■ Your goal: Omit all pictures and give the records below again exactly as written.

Excerpts from a dataset
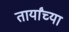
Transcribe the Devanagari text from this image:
तार्यांच्या
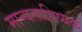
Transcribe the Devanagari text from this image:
मान्यताविष्यक
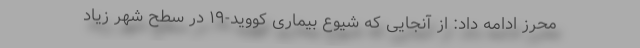
محرز ادامه داد: از آنجایی که شیوع بیماری کووید-۱۹ در سطح شهر زیاد
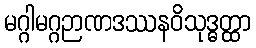
မဂ္ဂါမဂ္ဂဉာဏဒဿနဝိသုဒ္ဓတ္ထာ
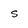
Character: s
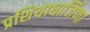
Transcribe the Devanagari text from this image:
प्रशियाधार्जिणा
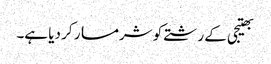
بھتیجی کے رشتے کو شرمسار کر دیا ہے۔
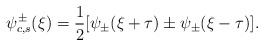
\begin{align*}\psi_{c, s}^{\pm}(\xi) = \frac{1}{2} [\psi_{\pm}(\xi + \tau) \pm \psi_{\pm}(\xi - \tau)].\end{align*}
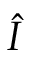
\hat { I }
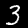
Label: 3
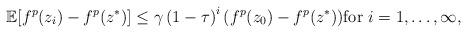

■ Exercise result:
Transcribe the Devanagari text from this image:
तार्यांच्या
Transcribe the Devanagari text from this image:
मान्यताविष्यक
محرز ادامه داد: از آنجایی که شیوع بیماری کووید-۱۹ در سطح شهر زیاد
မဂ္ဂါမဂ္ဂဉာဏဒဿနဝိသုဒ္ဓတ္ထာ
Character: s
Transcribe the Devanagari text from this image:
प्रशियाधार्जिणा
بھتیجی کے رشتے کو شرمسار کر دیا ہے۔
\begin{align*}\psi_{c, s}^{\pm}(\xi) = \frac{1}{2} [\psi_{\pm}(\xi + \tau) \pm \psi_{\pm}(\xi - \tau)].\end{align*}
\hat { I }
Label: 3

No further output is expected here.